■ DATA SUPPLIED:
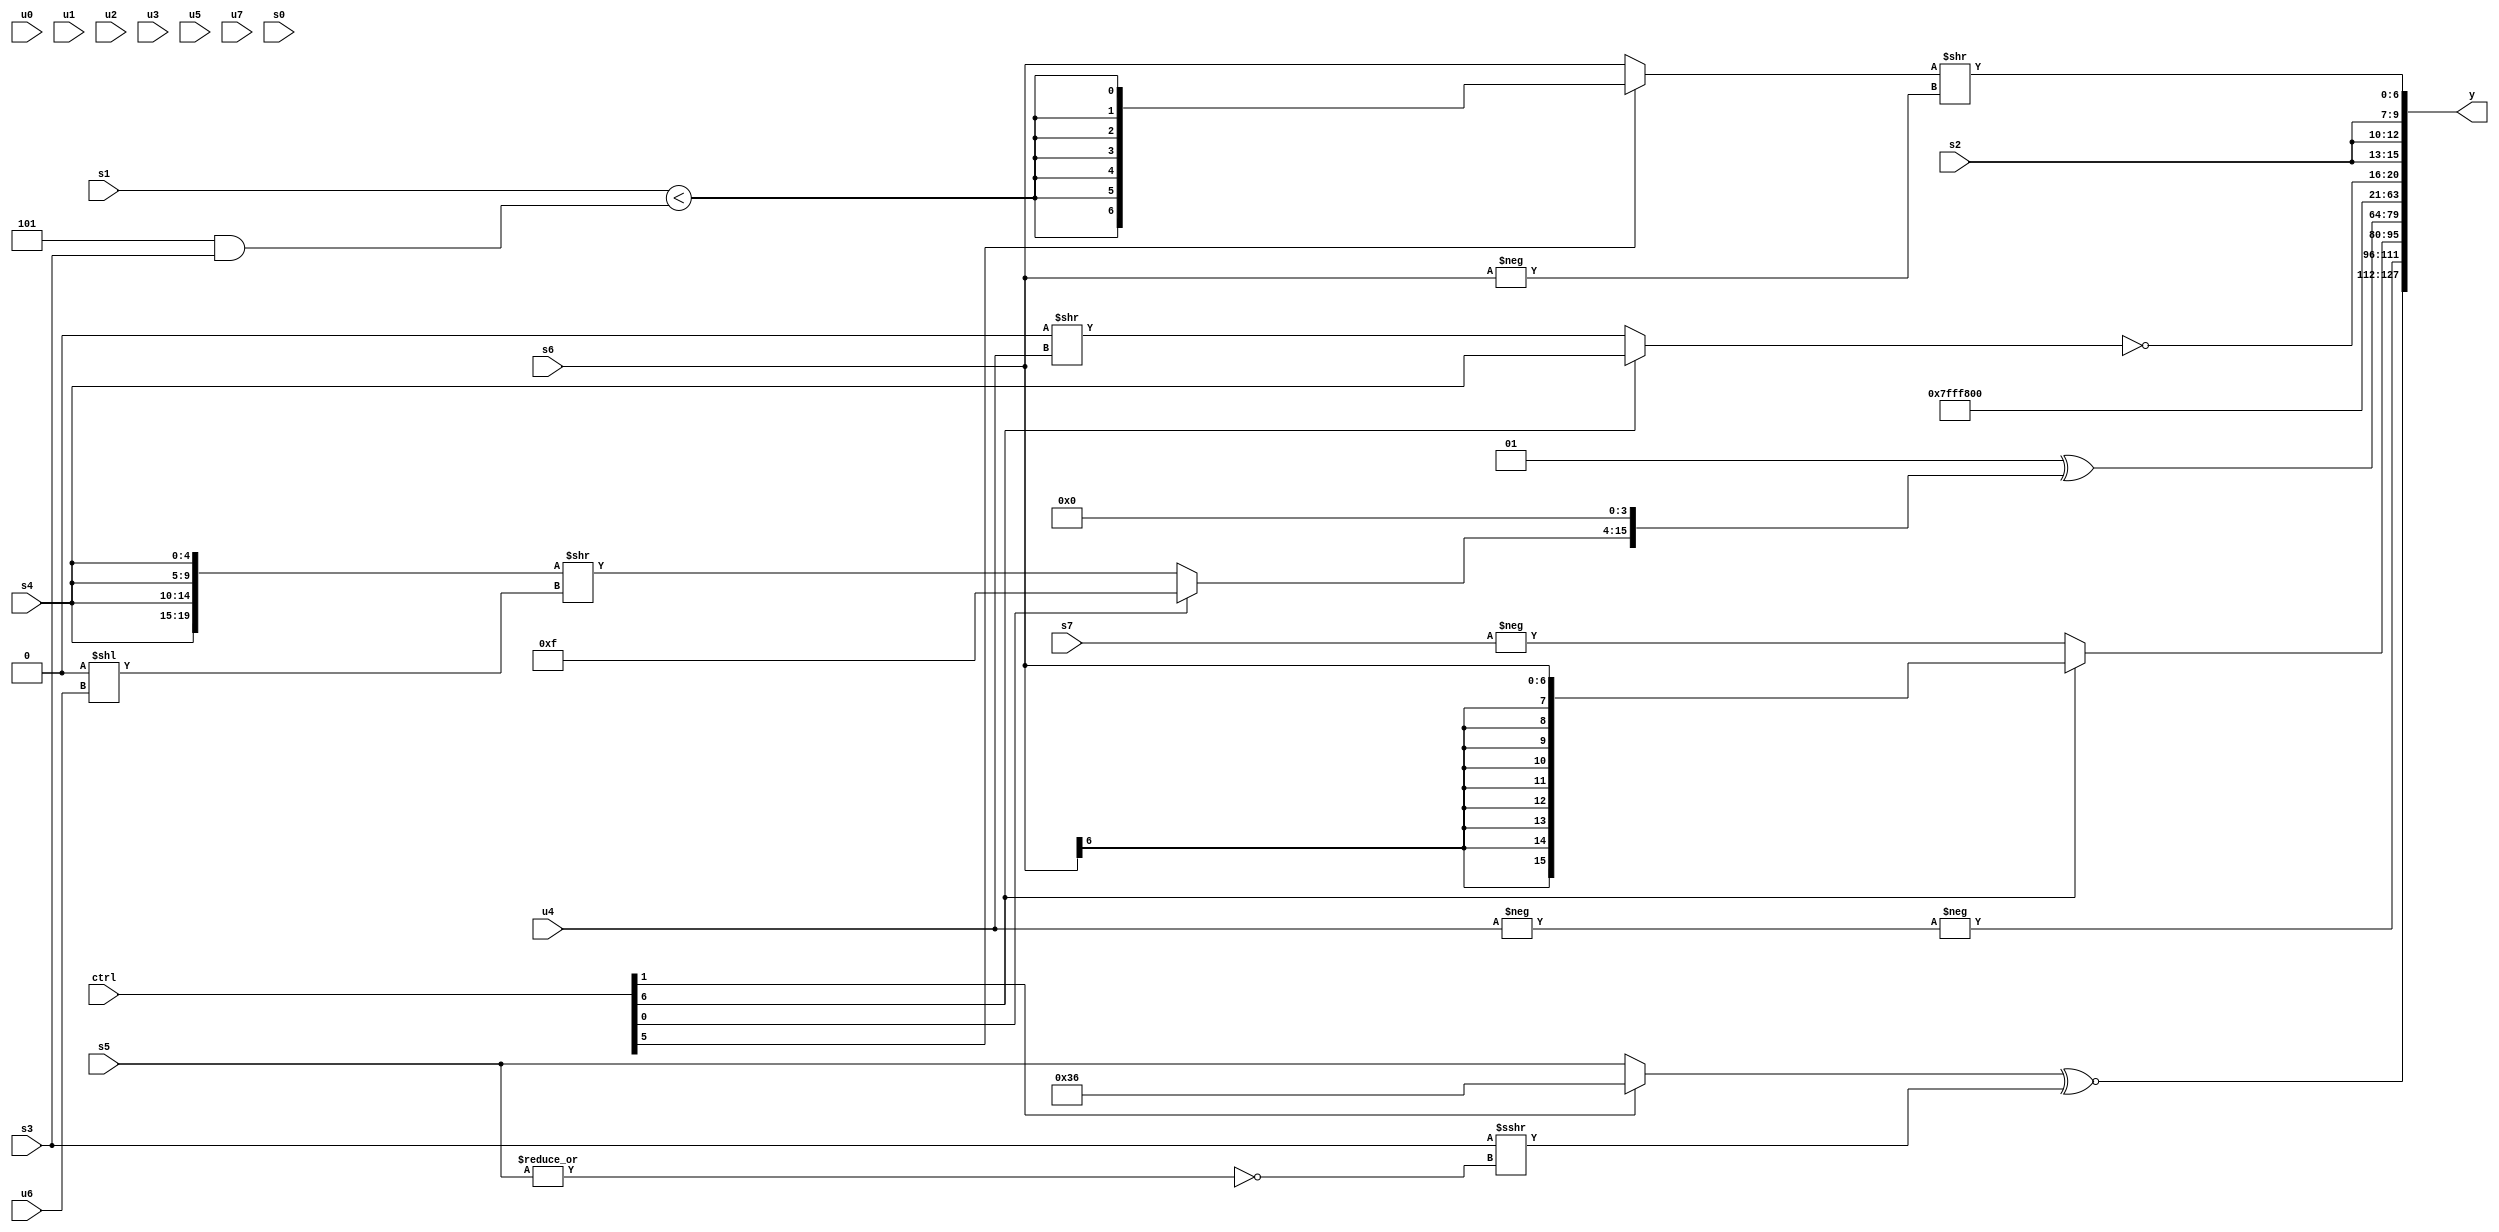
module wideexpr_00776(ctrl, u0, u1, u2, u3, u4, u5, u6, u7, s0, s1, s2, s3, s4, s5, s6, s7, y);
  input [7:0] ctrl;
  input [0:0] u0;
  input [1:0] u1;
  input [2:0] u2;
  input [3:0] u3;
  input [4:0] u4;
  input [5:0] u5;
  input [6:0] u6;
  input [7:0] u7;
  input signed [0:0] s0;
  input signed [1:0] s1;
  input signed [2:0] s2;
  input signed [3:0] s3;
  input signed [4:0] s4;
  input signed [5:0] s5;
  input signed [6:0] s6;
  input signed [7:0] s7;
  output [127:0] y;
  wire [15:0] y0;
  wire [15:0] y1;
  wire [15:0] y2;
  wire [15:0] y3;
  wire [15:0] y4;
  wire [15:0] y5;
  wire [15:0] y6;
  wire [15:0] y7;
  assign y = {y0,y1,y2,y3,y4,y5,y6,y7};
  assign y0 = (+($signed((ctrl[1]?5'sb10110:s5))))^~((s3)>>>(~|(s5)));
  assign y1 = -(-(u4));
  assign y2 = (ctrl[6]?+(s6):-(s7));
  assign y3 = (4'sb0001)^((($signed((ctrl[0]?((4'b1110)|(2'b01))^({1{!(6'sb001010)}}):$signed(({4{s4}})>>((1'b0)<<(u6))))))<<<(5'sb01000))>>>(3'sb100));
  assign y4 = 1'sb0;
  assign y5 = $signed(5'sb11111);
  assign y6 = {1{~($signed((ctrl[6]?s4:(1'sb0)>>(u4))))}};
  assign y7 = {(-((({3{$signed({1{s2}})}})>>(((ctrl[2]?(3'sb011)==(s4):-(s4)))>>(s7)))^(~&((2'sb00)<<({3{{s3,3'b100,s0}}})))))^(+(($signed(6'sb110110))>>($signed(((ctrl[2]?s4:$unsigned(s5)))|(2'sb10))))),6'b001101,{3{s2}},((ctrl[5]?$signed($signed((s1)<($signed((4'sb1101)&(s3))))):s6))>>(-(s6))};
endmodule
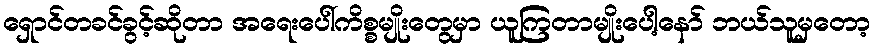
ရှောင်တခင်ခွင့်ဆိုတာ အရေးပေါ်ကိစ္စမျိုးတွေမှာ ယူကြတာမျိုးပေါ့နော် ဘယ်သူမှတော့
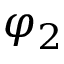
\varphi _ { 2 }
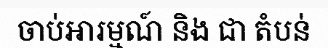
ចាប់អារម្មណ៍ និង ជា តំបន់
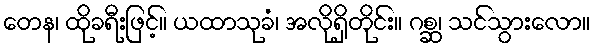
တေန၊ ထိုခရီးဖြင့်။ ယထာသုခံ၊ အလိုရှိတိုင်း။ ဂစ္ဆ၊ သင်သွားလော။
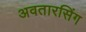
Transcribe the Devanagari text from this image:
अवतारसिंग
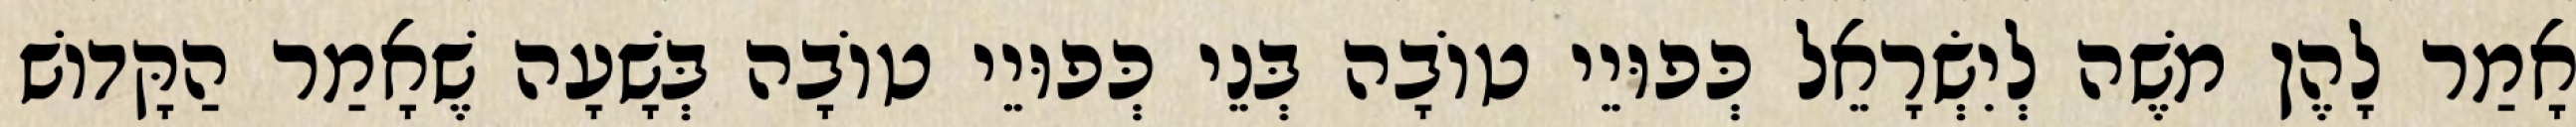
אָמַר לָהֶן מֹשֶׁה לְיִשְׂרָאֵל כְּפוּיֵי טוֹבָה בְּנֵי כְּפוּיֵי טוֹבָה בְּשָׁעָה שֶׁאָמַר הַקָּדוֹשׁ
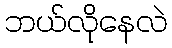
ဘယ်လိုနေလဲ
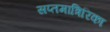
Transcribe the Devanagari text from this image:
सप्तमात्रिरिका
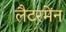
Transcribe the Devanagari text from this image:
लैटरमेंन
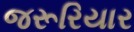
જરૂરિયાર
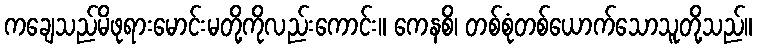
ကချေသည်မိဖုရားမောင်းမတို့ကိုလည်းကောင်း။ ကေနစိ၊ တစ်စုံတစ်ယောက်သောသူတို့သည်။
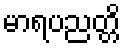
မာရပညတ္တိ
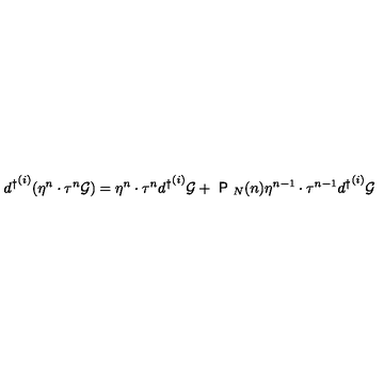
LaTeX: { d ^ { \dagger } } ^ { ( i ) } ( \eta ^ { n } \cdot \tau ^ { n } { \cal { G } } ) = \eta ^ { n } \cdot \tau ^ { n } { d ^ { \dagger } } ^ { ( i ) } { \cal { G } } + { \textsf { P } } _ { N } ( n ) \eta ^ { n - 1 } \cdot \tau ^ { n - 1 } { d ^ { \dagger } } ^ { ( i ) } { \cal { G } }
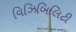
વિઝિબિલિટી
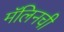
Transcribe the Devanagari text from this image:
मॅलिनची
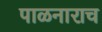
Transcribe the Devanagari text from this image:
पाळनाराच
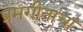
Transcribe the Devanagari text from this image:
प्रेमगीताचा
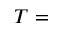
T =
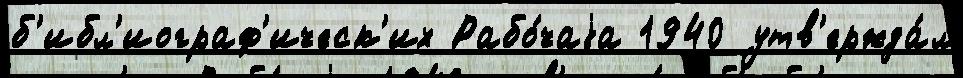
б'ибл'иограф'ическ'их Рабо́чаjа 1940 утв'ержда́л
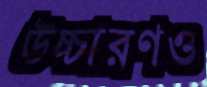
উচ্চারণও
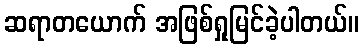
ဆရာတယောက် အဖြစ်ရှုမြင်ခဲ့ပါတယ်။
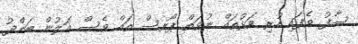
ސާފު ވެފައި ހުރި ވަޅުތައް ނުވަތް ޕޯރސް ތައް ވެސް އަލުން ބަންދު
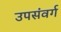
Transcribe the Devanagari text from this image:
उपसंवर्ग
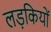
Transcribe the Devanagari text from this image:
लड़कियों
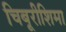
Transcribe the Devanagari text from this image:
चिबूरीशिमा
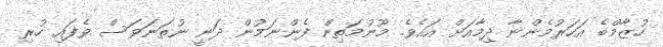
ހުޒާމްބެ އަހަރުމެންނާ ދިމާއަށް އައެވެ. މޫނުމަތިން ފެންނަމުން ދަނީ ނުތަނަވަސް ވެފައި ހުރި
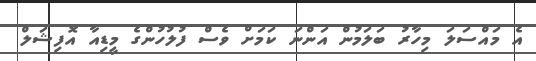
އެ މައްސަލަ މިހާރު ބަލަމުން އަންނަ ކަމަށް ވެސް ފުލުހުންގެ މީޑިއާ އޮފިޝަލް
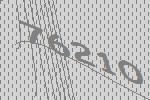
76210
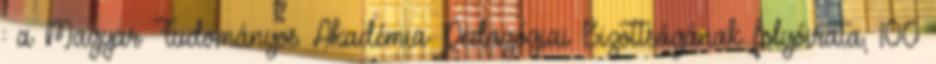
: a Magyar Tudományos Akadémia Pedagógiai Bizottságának folyóirata, 100
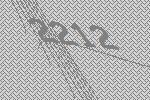
2212
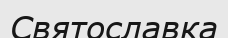
Святославка
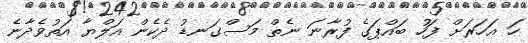
ހަ އަހަރަށް ފަހު ބައްޕަގެ ފުރާނަ ނެތް މަސްގަނޑު ދެކެން އަލްޔާ އަތުވެދާނެ
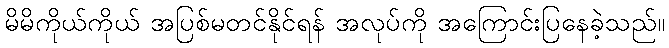
မိမိကိုယ်ကိုယ် အပြစ်မတင်နိုင်ရန် အလုပ်ကို အကြောင်းပြနေခဲ့သည်။
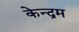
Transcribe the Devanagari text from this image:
केन्द्रम
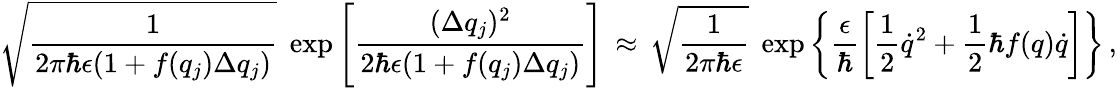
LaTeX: \sqrt{\frac{1}{2\pi\hbar\epsilon(1+f(q_{j})\Delta q_{j})}}\; \exp\left[\frac{(\Delta q_{j})^{2}}{2\hbar\epsilon(1+f(q_{j})\Delta q_{j})}\right]\, \approx\, \sqrt{\frac{1}{2\pi\hbar\epsilon}}\; \exp\left\{ \frac{\epsilon}{\hbar}\left[\frac{1}{2}{\dot{q}}^{2}+\frac{1}{2}\hbar f(q)\dot{q}\right]\right\} \, ,
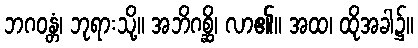
ဘဂဝန္တံ၊ ဘုရားသို့။ အဘိဂစ္ဆိ၊ လာ၏။ အထ၊ ထိုအခါ၌။
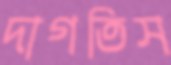
দাগতিস
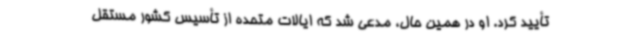
تأیید کرد. او در همین حال، مدعی شد که ایالات متحده از تأسیس کشور مستقل
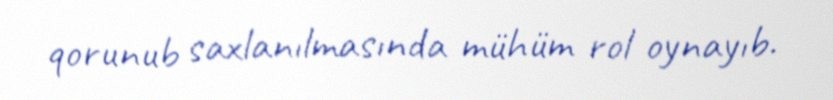
qorunub saxlanılmasında mühüm rol oynayıb.
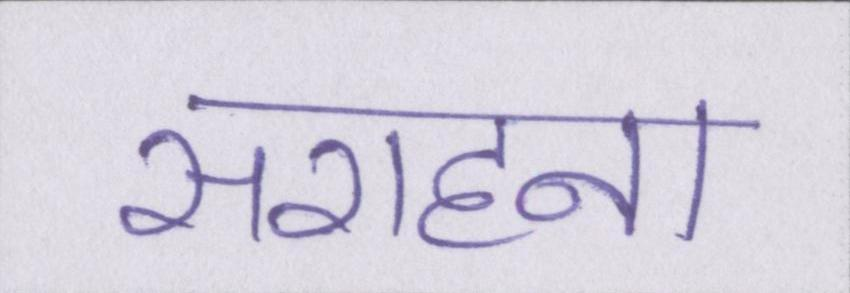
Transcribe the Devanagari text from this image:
सराहना

■ TASK PROMPT:
Line by line, give the material above again exactly, but without any pictures.

■ ANSWER BELOW:
module wideexpr_00776(ctrl, u0, u1, u2, u3, u4, u5, u6, u7, s0, s1, s2, s3, s4, s5, s6, s7, y);
  input [7:0] ctrl;
  input [0:0] u0;
  input [1:0] u1;
  input [2:0] u2;
  input [3:0] u3;
  input [4:0] u4;
  input [5:0] u5;
  input [6:0] u6;
  input [7:0] u7;
  input signed [0:0] s0;
  input signed [1:0] s1;
  input signed [2:0] s2;
  input signed [3:0] s3;
  input signed [4:0] s4;
  input signed [5:0] s5;
  input signed [6:0] s6;
  input signed [7:0] s7;
  output [127:0] y;
  wire [15:0] y0;
  wire [15:0] y1;
  wire [15:0] y2;
  wire [15:0] y3;
  wire [15:0] y4;
  wire [15:0] y5;
  wire [15:0] y6;
  wire [15:0] y7;
  assign y = {y0,y1,y2,y3,y4,y5,y6,y7};
  assign y0 = (+($signed((ctrl[1]?5'sb10110:s5))))^~((s3)>>>(~|(s5)));
  assign y1 = -(-(u4));
  assign y2 = (ctrl[6]?+(s6):-(s7));
  assign y3 = (4'sb0001)^((($signed((ctrl[0]?((4'b1110)|(2'b01))^({1{!(6'sb001010)}}):$signed(({4{s4}})>>((1'b0)<<(u6))))))<<<(5'sb01000))>>>(3'sb100));
  assign y4 = 1'sb0;
  assign y5 = $signed(5'sb11111);
  assign y6 = {1{~($signed((ctrl[6]?s4:(1'sb0)>>(u4))))}};
  assign y7 = {(-((({3{$signed({1{s2}})}})>>(((ctrl[2]?(3'sb011)==(s4):-(s4)))>>(s7)))^(~&((2'sb00)<<({3{{s3,3'b100,s0}}})))))^(+(($signed(6'sb110110))>>($signed(((ctrl[2]?s4:$unsigned(s5)))|(2'sb10))))),6'b001101,{3{s2}},((ctrl[5]?$signed($signed((s1)<($signed((4'sb1101)&(s3))))):s6))>>(-(s6))};
endmodule
ရှောင်တခင်ခွင့်ဆိုတာ အရေးပေါ်ကိစ္စမျိုးတွေမှာ ယူကြတာမျိုးပေါ့နော် ဘယ်သူမှတော့
\varphi _ { 2 }
ចាប់អារម្មណ៍ និង ជា តំបន់
တေန၊ ထိုခရီးဖြင့်။ ယထာသုခံ၊ အလိုရှိတိုင်း။ ဂစ္ဆ၊ သင်သွားလော။
Transcribe the Devanagari text from this image:
अवतारसिंग
אָמַר לָהֶן מֹשֶׁה לְיִשְׂרָאֵל כְּפוּיֵי טוֹבָה בְּנֵי כְּפוּיֵי טוֹבָה בְּשָׁעָה שֶׁאָמַר הַקָּדוֹשׁ
ဘယ်လိုနေလဲ
Transcribe the Devanagari text from this image:
सप्तमात्रिरिका
Transcribe the Devanagari text from this image:
लैटरमेंन
જરૂરિયાર
ကချေသည်မိဖုရားမောင်းမတို့ကိုလည်းကောင်း။ ကေနစိ၊ တစ်စုံတစ်ယောက်သောသူတို့သည်။
မာရပညတ္တိ
LaTeX: { d ^ { \dagger } } ^ { ( i ) } ( \eta ^ { n } \cdot \tau ^ { n } { \cal { G } } ) = \eta ^ { n } \cdot \tau ^ { n } { d ^ { \dagger } } ^ { ( i ) } { \cal { G } } + { \textsf { P } } _ { N } ( n ) \eta ^ { n - 1 } \cdot \tau ^ { n - 1 } { d ^ { \dagger } } ^ { ( i ) } { \cal { G } }
વિઝિબિલિટી
Transcribe the Devanagari text from this image:
मॅलिनची
Transcribe the Devanagari text from this image:
पाळनाराच
Transcribe the Devanagari text from this image:
प्रेमगीताचा
T =
б'ибл'иограф'ическ'их Рабо́чаjа 1940 утв'ержда́л
উচ্চারণও
ဆရာတယောက် အဖြစ်ရှုမြင်ခဲ့ပါတယ်။
ސާފު ވެފައި ހުރި ވަޅުތައް ނުވަތް ޕޯރސް ތައް ވެސް އަލުން ބަންދު
Transcribe the Devanagari text from this image:
उपसंवर्ग
Transcribe the Devanagari text from this image:
लड़कियों
Transcribe the Devanagari text from this image:
चिबूरीशिमा
ހުޒާމްބެ އަހަރުމެންނާ ދިމާއަށް އައެވެ. މޫނުމަތިން ފެންނަމުން ދަނީ ނުތަނަވަސް ވެފައި ހުރި
އެ މައްސަލަ މިހާރު ބަލަމުން އަންނަ ކަމަށް ވެސް ފުލުހުންގެ މީޑިއާ އޮފިޝަލް
76210
: a Magyar Tudományos Akadémia Pedagógiai Bizottságának folyóirata, 100
2212
Святославка
ހަ އަހަރަށް ފަހު ބައްޕަގެ ފުރާނަ ނެތް މަސްގަނޑު ދެކެން އަލްޔާ އަތުވެދާނެ
မိမိကိုယ်ကိုယ် အပြစ်မတင်နိုင်ရန် အလုပ်ကို အကြောင်းပြနေခဲ့သည်။
Transcribe the Devanagari text from this image:
केन्द्रम
LaTeX: \sqrt{\frac{1}{2\pi\hbar\epsilon(1+f(q_{j})\Delta q_{j})}}\; \exp\left[\frac{(\Delta q_{j})^{2}}{2\hbar\epsilon(1+f(q_{j})\Delta q_{j})}\right]\, \approx\, \sqrt{\frac{1}{2\pi\hbar\epsilon}}\; \exp\left\{ \frac{\epsilon}{\hbar}\left[\frac{1}{2}{\dot{q}}^{2}+\frac{1}{2}\hbar f(q)\dot{q}\right]\right\} \, ,
ဘဂဝန္တံ၊ ဘုရားသို့။ အဘိဂစ္ဆိ၊ လာ၏။ အထ၊ ထိုအခါ၌။
দাগতিস
تأیید کرد. او در همین حال، مدعی شد که ایالات متحده از تأسیس کشور مستقل
qorunub saxlanılmasında mühüm rol oynayıb.
Transcribe the Devanagari text from this image:
सराहना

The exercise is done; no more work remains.